The records:
-.-.-

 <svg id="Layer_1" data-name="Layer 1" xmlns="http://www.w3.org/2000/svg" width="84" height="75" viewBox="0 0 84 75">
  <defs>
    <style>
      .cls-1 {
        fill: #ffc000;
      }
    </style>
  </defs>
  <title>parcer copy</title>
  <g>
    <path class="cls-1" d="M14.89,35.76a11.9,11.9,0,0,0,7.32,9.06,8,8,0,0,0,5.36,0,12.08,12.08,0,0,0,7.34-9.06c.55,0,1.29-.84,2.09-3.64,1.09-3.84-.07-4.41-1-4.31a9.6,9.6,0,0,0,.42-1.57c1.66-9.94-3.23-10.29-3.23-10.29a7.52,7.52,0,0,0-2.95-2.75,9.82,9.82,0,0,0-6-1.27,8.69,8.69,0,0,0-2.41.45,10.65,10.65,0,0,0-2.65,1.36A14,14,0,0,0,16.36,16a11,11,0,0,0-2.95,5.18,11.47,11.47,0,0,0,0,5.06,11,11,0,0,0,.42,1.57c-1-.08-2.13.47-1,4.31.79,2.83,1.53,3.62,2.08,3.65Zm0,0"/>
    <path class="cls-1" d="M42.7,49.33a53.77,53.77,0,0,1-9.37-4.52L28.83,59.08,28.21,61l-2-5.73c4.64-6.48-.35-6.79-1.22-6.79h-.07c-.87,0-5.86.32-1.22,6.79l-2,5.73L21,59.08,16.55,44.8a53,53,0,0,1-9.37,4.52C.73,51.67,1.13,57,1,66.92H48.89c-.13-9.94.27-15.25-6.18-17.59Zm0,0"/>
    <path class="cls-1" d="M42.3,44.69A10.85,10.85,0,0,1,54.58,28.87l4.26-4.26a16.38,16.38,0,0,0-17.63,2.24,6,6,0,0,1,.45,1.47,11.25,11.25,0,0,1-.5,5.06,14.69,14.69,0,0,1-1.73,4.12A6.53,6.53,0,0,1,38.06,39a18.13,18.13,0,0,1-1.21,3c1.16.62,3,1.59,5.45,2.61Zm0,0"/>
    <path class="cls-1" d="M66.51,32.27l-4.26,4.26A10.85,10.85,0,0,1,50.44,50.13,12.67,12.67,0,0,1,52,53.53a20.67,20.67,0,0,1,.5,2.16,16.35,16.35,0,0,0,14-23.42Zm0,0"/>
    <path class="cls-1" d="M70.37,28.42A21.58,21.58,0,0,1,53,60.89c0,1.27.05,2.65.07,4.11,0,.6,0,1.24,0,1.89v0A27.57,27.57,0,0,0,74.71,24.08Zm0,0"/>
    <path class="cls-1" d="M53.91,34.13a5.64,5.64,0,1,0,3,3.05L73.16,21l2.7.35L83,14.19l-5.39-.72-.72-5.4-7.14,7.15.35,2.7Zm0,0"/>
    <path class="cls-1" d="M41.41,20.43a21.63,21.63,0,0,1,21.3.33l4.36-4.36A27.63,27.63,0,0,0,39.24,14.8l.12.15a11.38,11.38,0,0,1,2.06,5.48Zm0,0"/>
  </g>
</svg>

-.-.-

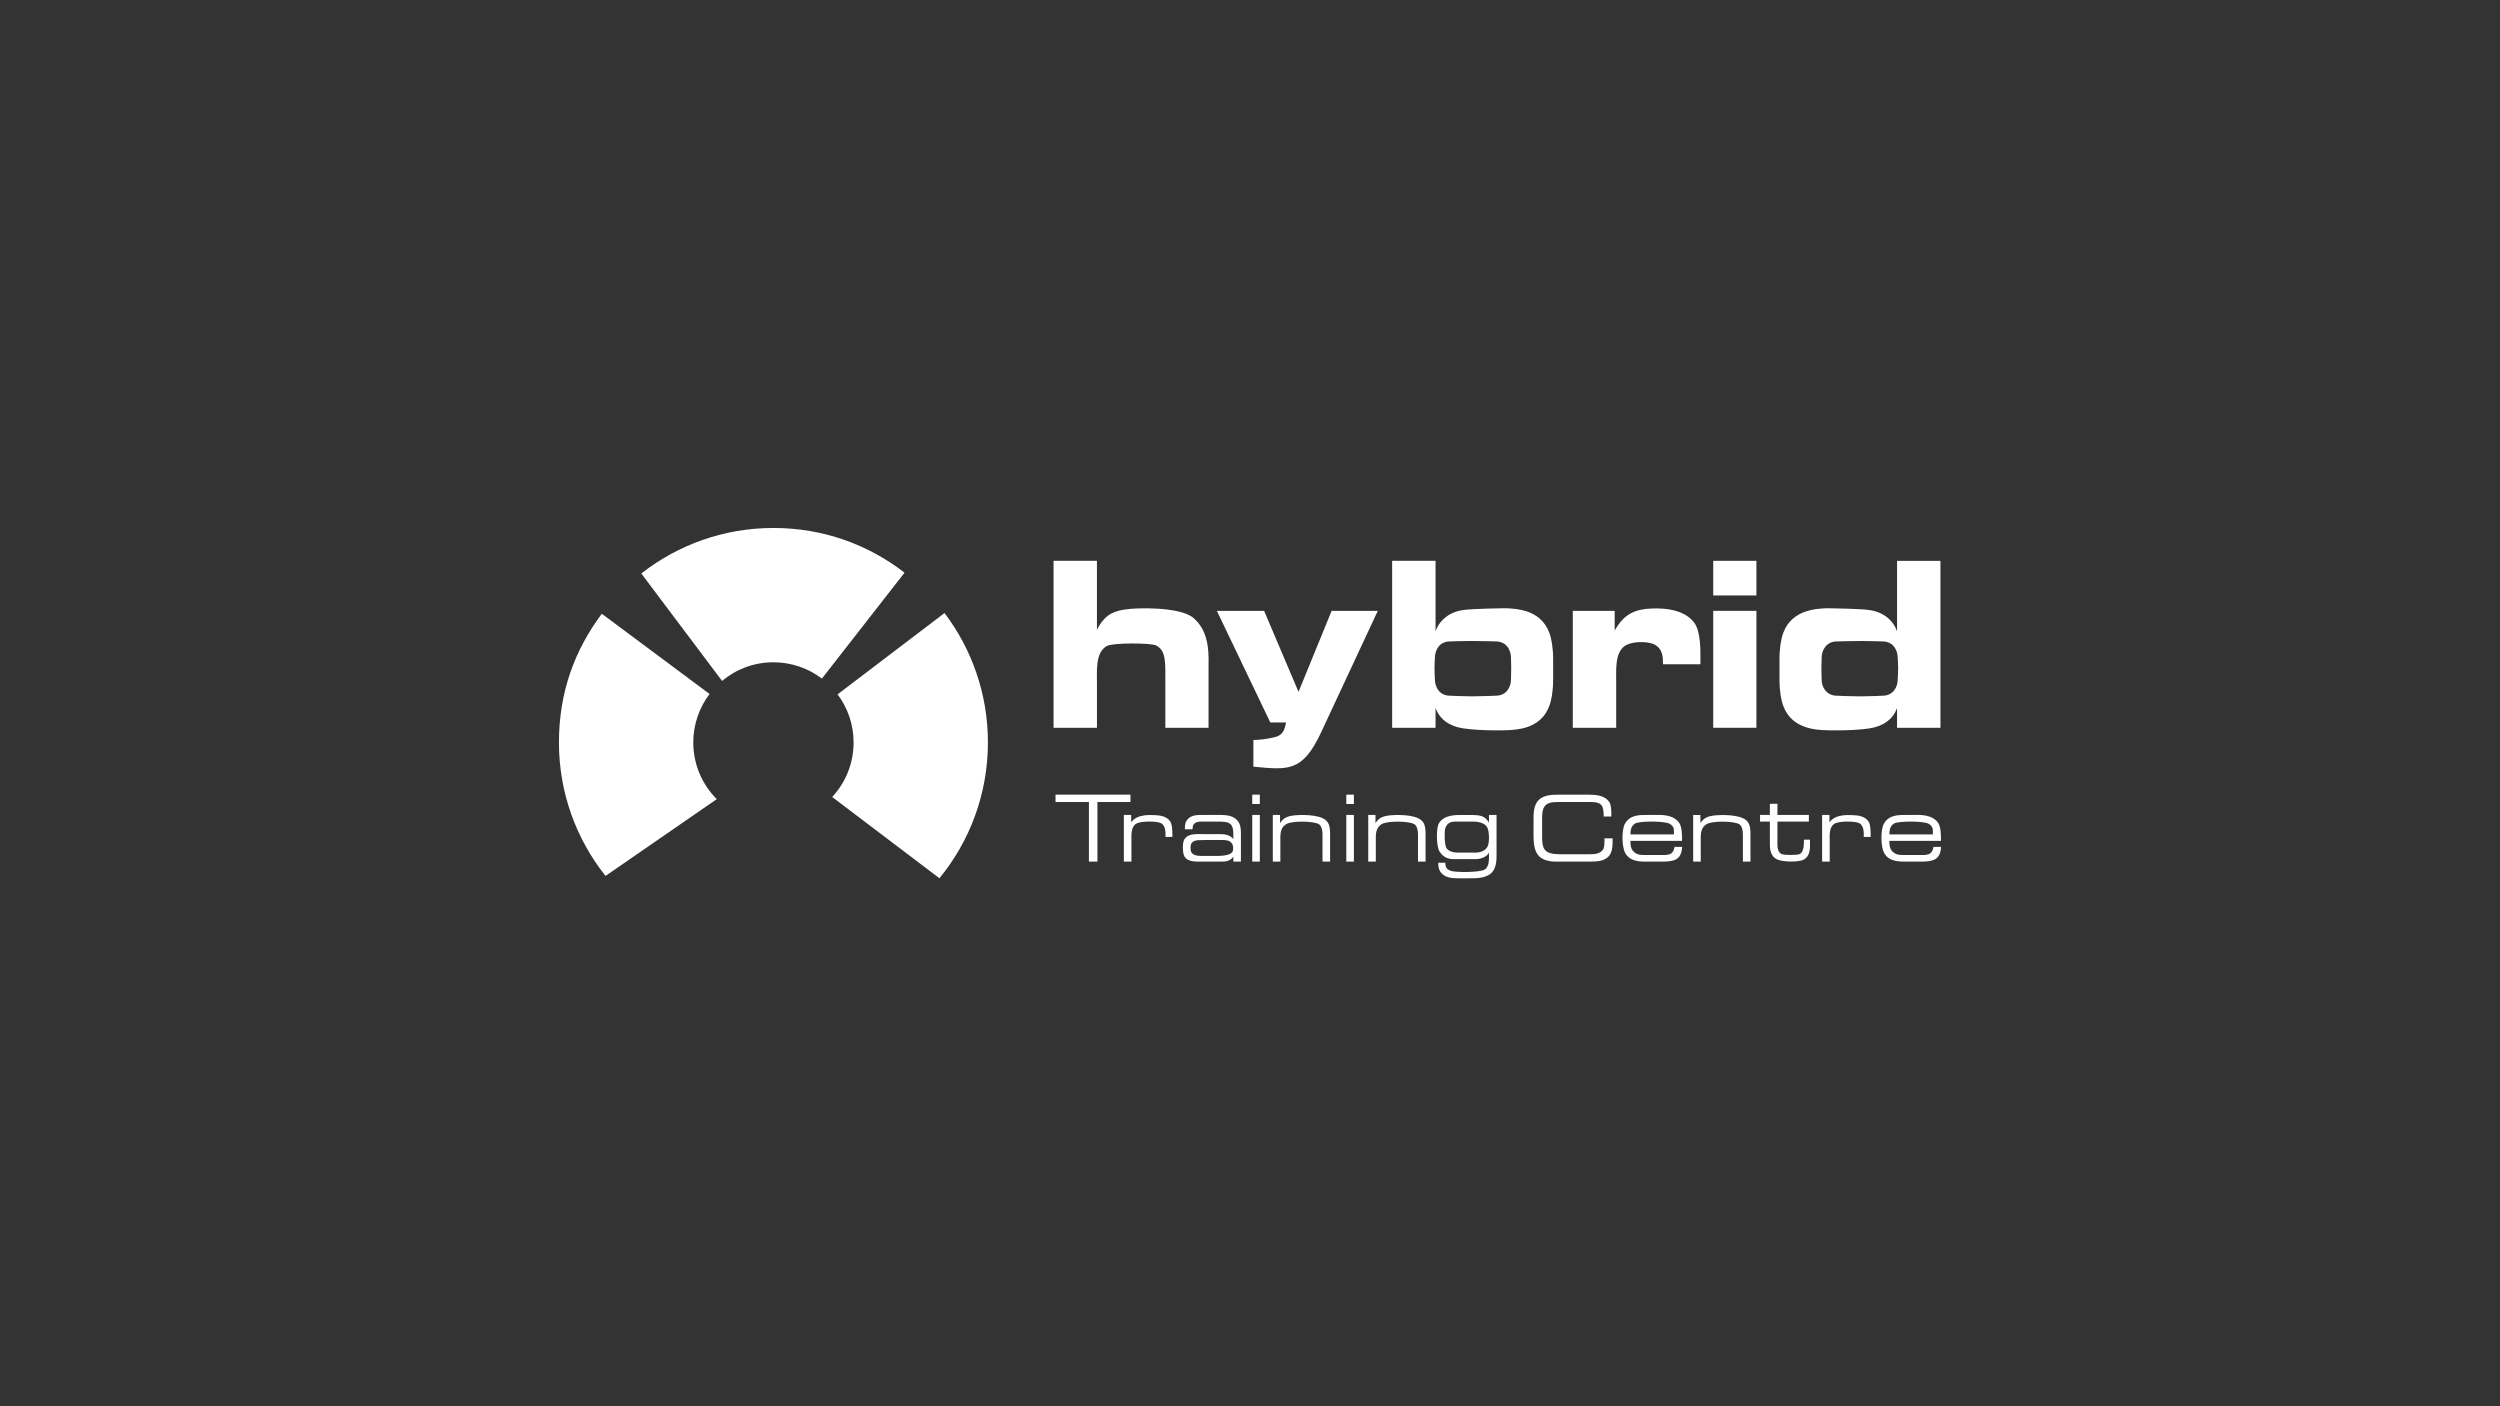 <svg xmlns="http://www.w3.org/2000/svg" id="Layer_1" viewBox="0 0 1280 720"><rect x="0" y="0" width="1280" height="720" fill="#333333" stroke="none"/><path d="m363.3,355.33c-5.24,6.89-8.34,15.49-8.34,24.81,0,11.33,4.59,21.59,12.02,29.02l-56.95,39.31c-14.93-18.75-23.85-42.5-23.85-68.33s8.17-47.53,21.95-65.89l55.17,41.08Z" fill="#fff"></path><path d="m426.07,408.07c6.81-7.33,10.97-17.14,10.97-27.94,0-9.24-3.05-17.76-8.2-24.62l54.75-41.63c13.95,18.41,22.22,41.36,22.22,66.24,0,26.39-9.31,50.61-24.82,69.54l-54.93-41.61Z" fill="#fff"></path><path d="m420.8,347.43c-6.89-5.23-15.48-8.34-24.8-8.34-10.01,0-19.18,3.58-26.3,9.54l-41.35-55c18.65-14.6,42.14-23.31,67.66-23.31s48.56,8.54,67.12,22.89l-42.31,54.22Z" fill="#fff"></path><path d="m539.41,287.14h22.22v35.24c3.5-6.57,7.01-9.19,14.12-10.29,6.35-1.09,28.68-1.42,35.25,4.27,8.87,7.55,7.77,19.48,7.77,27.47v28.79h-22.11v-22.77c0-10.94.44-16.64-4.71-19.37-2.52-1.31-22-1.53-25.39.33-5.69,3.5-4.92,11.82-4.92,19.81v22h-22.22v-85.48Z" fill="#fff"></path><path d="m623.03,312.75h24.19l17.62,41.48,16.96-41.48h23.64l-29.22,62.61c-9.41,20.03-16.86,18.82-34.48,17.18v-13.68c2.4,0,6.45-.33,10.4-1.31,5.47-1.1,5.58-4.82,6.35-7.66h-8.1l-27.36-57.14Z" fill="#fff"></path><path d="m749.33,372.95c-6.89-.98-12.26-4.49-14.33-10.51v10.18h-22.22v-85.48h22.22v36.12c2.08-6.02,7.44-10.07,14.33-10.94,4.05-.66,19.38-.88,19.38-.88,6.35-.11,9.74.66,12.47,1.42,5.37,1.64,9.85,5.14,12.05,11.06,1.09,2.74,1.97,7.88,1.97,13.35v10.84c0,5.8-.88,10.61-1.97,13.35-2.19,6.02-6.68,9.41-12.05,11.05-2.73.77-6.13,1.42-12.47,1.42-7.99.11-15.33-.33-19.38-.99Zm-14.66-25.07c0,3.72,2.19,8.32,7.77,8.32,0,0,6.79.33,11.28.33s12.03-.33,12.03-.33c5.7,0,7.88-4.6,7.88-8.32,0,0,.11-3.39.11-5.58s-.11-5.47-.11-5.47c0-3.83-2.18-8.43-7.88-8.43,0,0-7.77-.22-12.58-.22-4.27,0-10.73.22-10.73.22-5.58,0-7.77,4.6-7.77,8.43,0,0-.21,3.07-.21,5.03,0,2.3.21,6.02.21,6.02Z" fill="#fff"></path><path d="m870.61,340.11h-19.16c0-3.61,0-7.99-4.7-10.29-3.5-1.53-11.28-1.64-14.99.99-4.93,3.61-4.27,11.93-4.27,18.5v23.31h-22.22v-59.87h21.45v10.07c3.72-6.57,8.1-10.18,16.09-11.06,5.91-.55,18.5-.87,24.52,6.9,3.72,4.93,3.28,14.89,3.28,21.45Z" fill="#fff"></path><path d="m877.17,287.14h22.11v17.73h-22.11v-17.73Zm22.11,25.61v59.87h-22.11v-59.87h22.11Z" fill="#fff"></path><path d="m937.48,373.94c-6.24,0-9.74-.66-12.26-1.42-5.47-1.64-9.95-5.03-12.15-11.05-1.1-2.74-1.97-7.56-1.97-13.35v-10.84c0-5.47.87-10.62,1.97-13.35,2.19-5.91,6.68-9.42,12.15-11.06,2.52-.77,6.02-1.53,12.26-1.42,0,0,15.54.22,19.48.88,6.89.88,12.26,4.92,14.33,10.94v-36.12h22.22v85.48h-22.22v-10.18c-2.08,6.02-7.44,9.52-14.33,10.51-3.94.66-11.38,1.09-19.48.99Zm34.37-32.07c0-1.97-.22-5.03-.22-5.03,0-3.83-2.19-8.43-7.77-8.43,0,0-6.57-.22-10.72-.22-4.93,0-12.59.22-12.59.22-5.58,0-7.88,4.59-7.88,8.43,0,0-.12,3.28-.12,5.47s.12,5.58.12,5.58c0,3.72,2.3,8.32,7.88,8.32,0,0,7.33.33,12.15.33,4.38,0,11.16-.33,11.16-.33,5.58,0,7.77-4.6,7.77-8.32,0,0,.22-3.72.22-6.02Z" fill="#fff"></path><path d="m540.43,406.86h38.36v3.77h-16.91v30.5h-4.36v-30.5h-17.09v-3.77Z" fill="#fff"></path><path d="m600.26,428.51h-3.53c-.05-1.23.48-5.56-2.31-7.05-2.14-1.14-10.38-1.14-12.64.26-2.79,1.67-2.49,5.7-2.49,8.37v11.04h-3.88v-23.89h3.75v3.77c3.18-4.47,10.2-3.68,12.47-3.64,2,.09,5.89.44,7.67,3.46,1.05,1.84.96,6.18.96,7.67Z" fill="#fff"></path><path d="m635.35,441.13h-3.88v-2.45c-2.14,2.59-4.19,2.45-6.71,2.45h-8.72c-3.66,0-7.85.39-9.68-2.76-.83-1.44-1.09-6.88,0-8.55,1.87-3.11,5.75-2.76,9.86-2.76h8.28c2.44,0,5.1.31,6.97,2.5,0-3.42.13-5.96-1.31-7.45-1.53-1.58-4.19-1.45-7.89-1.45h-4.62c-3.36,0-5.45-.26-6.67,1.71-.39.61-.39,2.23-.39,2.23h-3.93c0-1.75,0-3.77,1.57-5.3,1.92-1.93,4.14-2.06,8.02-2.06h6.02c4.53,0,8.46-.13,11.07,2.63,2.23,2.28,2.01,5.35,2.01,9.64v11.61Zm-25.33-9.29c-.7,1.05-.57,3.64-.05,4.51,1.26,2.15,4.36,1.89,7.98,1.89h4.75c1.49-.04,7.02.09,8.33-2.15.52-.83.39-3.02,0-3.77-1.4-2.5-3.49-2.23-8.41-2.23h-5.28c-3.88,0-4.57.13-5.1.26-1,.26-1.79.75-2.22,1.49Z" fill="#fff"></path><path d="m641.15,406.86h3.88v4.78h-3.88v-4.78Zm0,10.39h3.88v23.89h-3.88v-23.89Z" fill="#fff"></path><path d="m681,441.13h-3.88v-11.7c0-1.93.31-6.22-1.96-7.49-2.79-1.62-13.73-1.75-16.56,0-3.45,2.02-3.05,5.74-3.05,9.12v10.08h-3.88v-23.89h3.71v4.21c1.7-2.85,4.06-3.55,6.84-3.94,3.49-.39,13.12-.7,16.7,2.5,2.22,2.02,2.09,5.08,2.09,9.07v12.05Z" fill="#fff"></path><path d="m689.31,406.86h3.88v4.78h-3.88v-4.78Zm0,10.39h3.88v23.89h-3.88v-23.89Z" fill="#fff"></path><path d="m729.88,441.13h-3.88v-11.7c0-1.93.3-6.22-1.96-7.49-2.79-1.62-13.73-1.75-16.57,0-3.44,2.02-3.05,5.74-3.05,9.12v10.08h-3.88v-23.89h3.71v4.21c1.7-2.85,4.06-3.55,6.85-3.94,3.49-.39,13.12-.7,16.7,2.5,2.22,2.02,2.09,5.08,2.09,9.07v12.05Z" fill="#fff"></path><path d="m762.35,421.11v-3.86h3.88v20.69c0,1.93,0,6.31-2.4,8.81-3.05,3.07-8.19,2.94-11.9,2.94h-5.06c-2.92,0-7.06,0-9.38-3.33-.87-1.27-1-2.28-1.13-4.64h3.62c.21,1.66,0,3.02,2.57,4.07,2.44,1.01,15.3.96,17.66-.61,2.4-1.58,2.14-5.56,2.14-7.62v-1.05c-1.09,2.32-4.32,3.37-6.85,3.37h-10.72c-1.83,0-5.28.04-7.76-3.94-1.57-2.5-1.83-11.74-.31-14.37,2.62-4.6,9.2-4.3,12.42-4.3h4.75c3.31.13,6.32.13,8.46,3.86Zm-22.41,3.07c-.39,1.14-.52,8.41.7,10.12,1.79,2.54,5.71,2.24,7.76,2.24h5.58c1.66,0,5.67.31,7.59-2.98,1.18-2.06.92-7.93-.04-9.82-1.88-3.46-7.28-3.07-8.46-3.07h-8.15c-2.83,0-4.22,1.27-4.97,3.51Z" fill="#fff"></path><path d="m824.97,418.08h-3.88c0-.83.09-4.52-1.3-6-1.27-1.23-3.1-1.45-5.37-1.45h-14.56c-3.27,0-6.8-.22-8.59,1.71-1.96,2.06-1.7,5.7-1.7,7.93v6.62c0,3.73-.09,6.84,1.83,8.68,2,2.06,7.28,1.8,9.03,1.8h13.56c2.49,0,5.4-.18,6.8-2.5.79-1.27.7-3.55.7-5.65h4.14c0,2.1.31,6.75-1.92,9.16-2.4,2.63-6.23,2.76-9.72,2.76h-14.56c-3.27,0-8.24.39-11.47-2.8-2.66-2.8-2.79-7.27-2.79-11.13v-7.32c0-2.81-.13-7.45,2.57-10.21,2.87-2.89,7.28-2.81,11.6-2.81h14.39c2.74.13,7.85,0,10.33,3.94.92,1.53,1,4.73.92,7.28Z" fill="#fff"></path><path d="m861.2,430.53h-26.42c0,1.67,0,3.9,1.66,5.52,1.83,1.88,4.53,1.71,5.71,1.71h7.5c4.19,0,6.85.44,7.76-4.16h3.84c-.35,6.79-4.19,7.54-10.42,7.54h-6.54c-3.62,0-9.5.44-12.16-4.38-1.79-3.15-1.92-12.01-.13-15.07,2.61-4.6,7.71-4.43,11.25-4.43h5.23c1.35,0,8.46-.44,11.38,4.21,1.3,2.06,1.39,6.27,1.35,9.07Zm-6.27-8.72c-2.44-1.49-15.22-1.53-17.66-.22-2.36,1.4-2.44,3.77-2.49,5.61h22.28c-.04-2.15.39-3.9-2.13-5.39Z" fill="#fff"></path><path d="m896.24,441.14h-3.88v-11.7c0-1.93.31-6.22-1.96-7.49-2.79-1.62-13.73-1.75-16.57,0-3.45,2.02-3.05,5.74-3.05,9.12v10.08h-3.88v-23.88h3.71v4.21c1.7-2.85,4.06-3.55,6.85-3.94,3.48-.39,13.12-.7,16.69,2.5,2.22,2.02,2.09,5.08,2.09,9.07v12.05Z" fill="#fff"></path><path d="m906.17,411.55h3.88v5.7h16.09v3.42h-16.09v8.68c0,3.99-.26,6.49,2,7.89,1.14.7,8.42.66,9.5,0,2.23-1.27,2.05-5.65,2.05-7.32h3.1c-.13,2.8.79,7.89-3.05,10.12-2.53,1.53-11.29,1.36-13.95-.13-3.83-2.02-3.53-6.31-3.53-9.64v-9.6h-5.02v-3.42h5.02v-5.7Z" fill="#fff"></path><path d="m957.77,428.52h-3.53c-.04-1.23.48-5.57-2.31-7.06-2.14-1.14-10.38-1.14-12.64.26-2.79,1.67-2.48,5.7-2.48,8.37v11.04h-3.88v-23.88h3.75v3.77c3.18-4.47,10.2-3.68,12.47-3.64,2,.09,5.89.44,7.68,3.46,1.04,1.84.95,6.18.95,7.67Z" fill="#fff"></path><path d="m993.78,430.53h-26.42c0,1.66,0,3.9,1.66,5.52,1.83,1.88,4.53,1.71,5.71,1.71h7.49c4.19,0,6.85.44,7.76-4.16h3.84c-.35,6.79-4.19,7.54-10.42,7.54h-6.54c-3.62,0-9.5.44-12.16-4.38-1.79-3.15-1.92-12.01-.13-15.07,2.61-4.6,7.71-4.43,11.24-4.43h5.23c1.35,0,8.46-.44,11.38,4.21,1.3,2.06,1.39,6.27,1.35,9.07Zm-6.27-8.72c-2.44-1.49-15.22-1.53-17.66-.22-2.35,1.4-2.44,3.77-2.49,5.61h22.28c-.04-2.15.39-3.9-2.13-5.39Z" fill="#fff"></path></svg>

-.-.-

Required work:
Could you report all lines of the listing that hold "class"?

Result of the task:
    <path class="cls-1" d="M14.89,35.76a11.9,11.9,0,0,0,7.32,9.06,8,8,0,0,0,5.36,0,12.08,12.08,0,0,0,7.34-9.06c.55,0,1.29-.84,2.09-3.64,1.09-3.84-.07-4.41-1-4.31a9.6,9.6,0,0,0,.42-1.57c1.66-9.94-3.23-10.29-3.23-10.29a7.52,7.52,0,0,0-2.95-2.75,9.82,9.82,0,0,0-6-1.27,8.69,8.69,0,0,0-2.41.45,10.65,10.65,0,0,0-2.65,1.36A14,14,0,0,0,16.36,16a11,11,0,0,0-2.95,5.18,11.47,11.47,0,0,0,0,5.06,11,11,0,0,0,.42,1.57c-1-.08-2.13.47-1,4.31.79,2.83,1.53,3.62,2.08,3.65Zm0,0"/>
    <path class="cls-1" d="M42.7,49.33a53.77,53.77,0,0,1-9.37-4.52L28.83,59.08,28.21,61l-2-5.73c4.64-6.48-.35-6.79-1.22-6.79h-.07c-.87,0-5.86.32-1.22,6.79l-2,5.73L21,59.08,16.55,44.8a53,53,0,0,1-9.37,4.52C.73,51.67,1.13,57,1,66.92H48.89c-.13-9.94.27-15.25-6.18-17.59Zm0,0"/>
    <path class="cls-1" d="M42.3,44.69A10.85,10.85,0,0,1,54.58,28.87l4.26-4.26a16.38,16.38,0,0,0-17.63,2.24,6,6,0,0,1,.45,1.47,11.25,11.25,0,0,1-.5,5.06,14.69,14.69,0,0,1-1.73,4.12A6.53,6.53,0,0,1,38.06,39a18.13,18.13,0,0,1-1.21,3c1.16.62,3,1.59,5.45,2.61Zm0,0"/>
    <path class="cls-1" d="M66.51,32.27l-4.26,4.26A10.85,10.85,0,0,1,50.44,50.13,12.67,12.67,0,0,1,52,53.53a20.67,20.67,0,0,1,.5,2.16,16.35,16.35,0,0,0,14-23.42Zm0,0"/>
    <path class="cls-1" d="M70.37,28.42A21.58,21.58,0,0,1,53,60.89c0,1.27.05,2.65.07,4.11,0,.6,0,1.24,0,1.89v0A27.57,27.57,0,0,0,74.71,24.08Zm0,0"/>
    <path class="cls-1" d="M53.91,34.13a5.64,5.64,0,1,0,3,3.05L73.16,21l2.7.35L83,14.19l-5.39-.72-.72-5.4-7.14,7.15.35,2.7Zm0,0"/>
    <path class="cls-1" d="M41.41,20.43a21.63,21.63,0,0,1,21.3.33l4.36-4.36A27.63,27.63,0,0,0,39.24,14.8l.12.15a11.38,11.38,0,0,1,2.06,5.48Zm0,0"/>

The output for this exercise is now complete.